Complications of dysphagia include malnutrition, aspiration pneumonia and reduced quality of life (1).

Swallowing is not simply a reflex, but a complex neuromuscular process. It involves nerve pathways between the higher centres of the brain and the brainstem, and connections between the brainstem and the muscles of the lips, tongue, pharynx (throat), larynx (voicebox) and oesophagus (food pipe). As breathing pauses momentarily during swallowing, coordination of swallowing with breathing is also essential to prevent food or liquids from entering the airway.

Risk factors of dysphagia in the elderly

As we age, the swallowing system may adapt by adjusting movements and coordination of the muscles in the pharynx and larynx to maintain safe swallowing.

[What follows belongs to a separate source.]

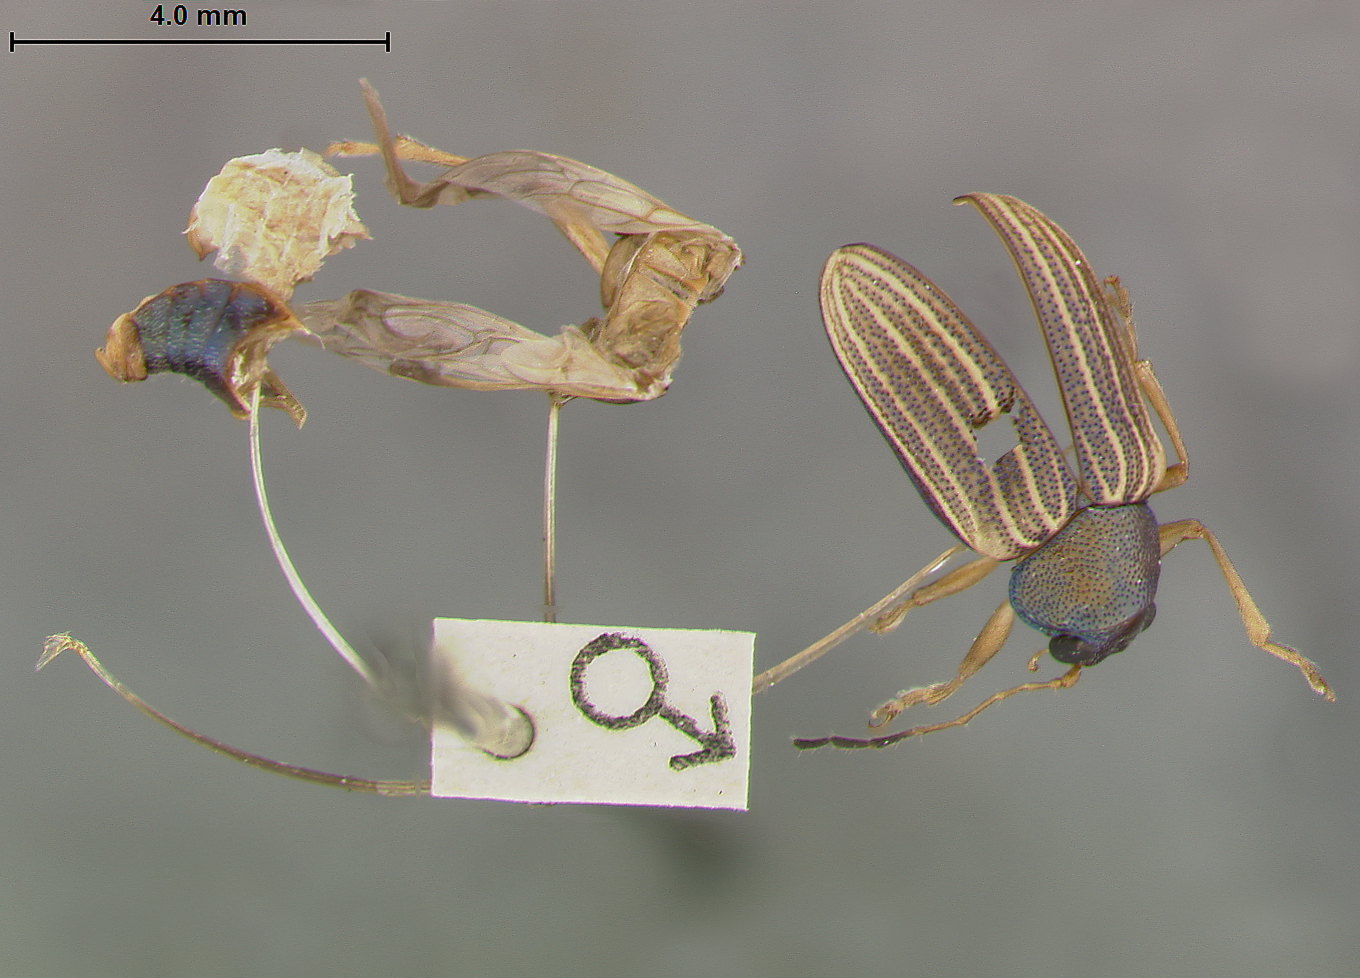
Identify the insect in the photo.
Colaspis flavocostata
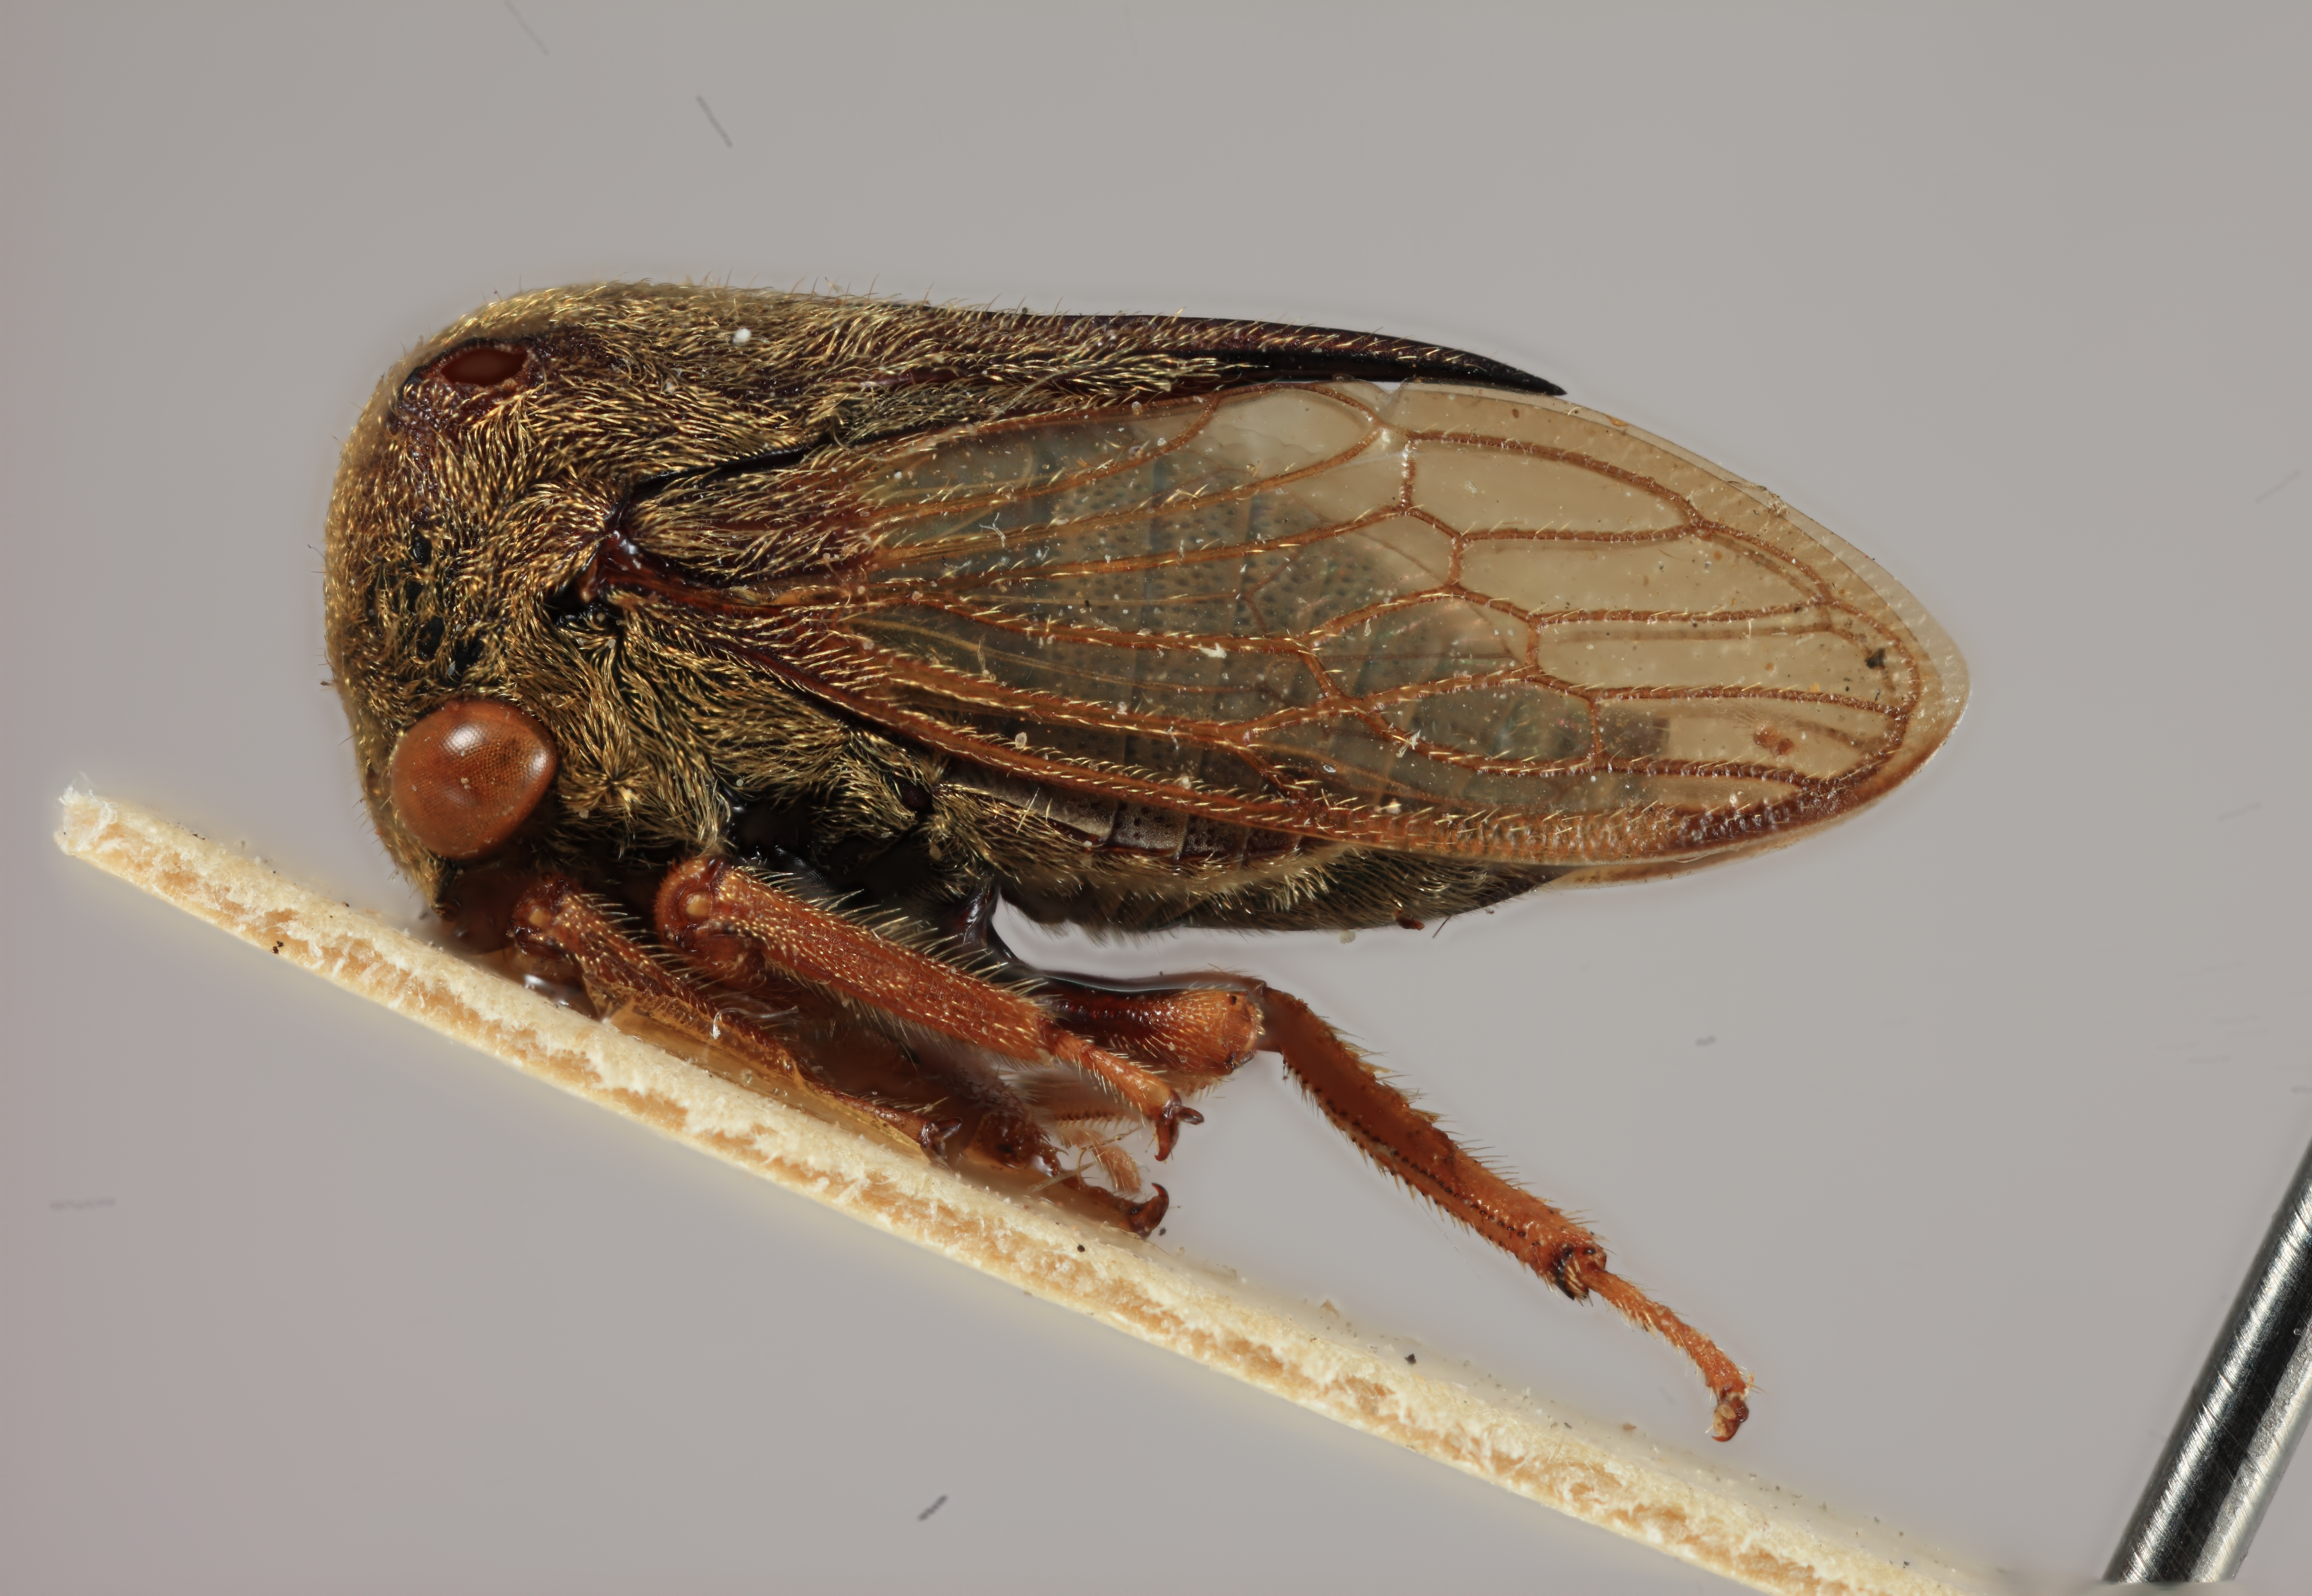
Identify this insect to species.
Tricentrus pubescens

However, as high as 15% of elderly persons living in the community may present with dysphagia (2). Age, frailty, chronic diseases and impaired function in daily activities have been identified as risk factors (2). Acute and chronic medical conditions affecting the brain, nerves, muscles and structures of the head and neck, respiratory system or cognition may increase the risk of dysphagia in the elderly. These include stroke, Parkinson’s disease, dementia, cancer of the head and neck, and chronic obstructive pulmonary disease (COPD). They may have cumulative effects on physical and swallowing functions in an elderly person. For instance, a survivor of head and neck cancer after radiation treatment at 50 years old, who has a stroke at 70 years old may present with more impaired swallowing than expected from the stroke alone.

Rise in dysphagia numbers in an ageing population

The referral rates from doctors to speech therapists for evaluation and management of dysphagia have been rising (3). Locally, between 2008 and 2018, more than 75 % of the adult inpatients at the Singapore General Hospital referred for swallowing assessment were above 60 years old. A third of these elderly patients were above 80 years old. The number of referrals in these age groups had increased by 2.4 times during this period. Resources are needed in acute and community settings to cope with this increase.

Managing dysphagia 

Dysphagia should be assessed and managed with a multi-pronged approach to minimise complications of malnutrition and aspiration pneumonia, and to optimise quality of life (1). To evaluate swallowing function, speech therapists may conduct examinations such as fluoroscopy or endoscopy to determine aspects of the impaired swallow that can be compensated (e.g. by changing food texture and liquid thickness) and improved through rehabilitation.

Rehabilitation of swallowing may include exercises of the throat muscles and practicing swallowing with greater effort to strengthen and coordinate swallowing movements. Patient and caregiver compliance in carrying out rehabilitation exercises, as well as accurate modification or diet or liquid textures, feeding rate and volume are crucial for the patient to consume food and drinks more safely and efficiently.

Dietitians also play an important role in assessing nutritional status and optimising the nutritional intake of patients with dysphagia (4). Maintaining good oral heath through regular brushing, mouth cleaning and dental visits, even in patients who are fed by tube, can reduce the risk of aspiration pneumonia (5).

A collaborative approach will enhance care of the elderly person with dysphagia in the community and minimise hospital re-admission due to complications of dysphagia.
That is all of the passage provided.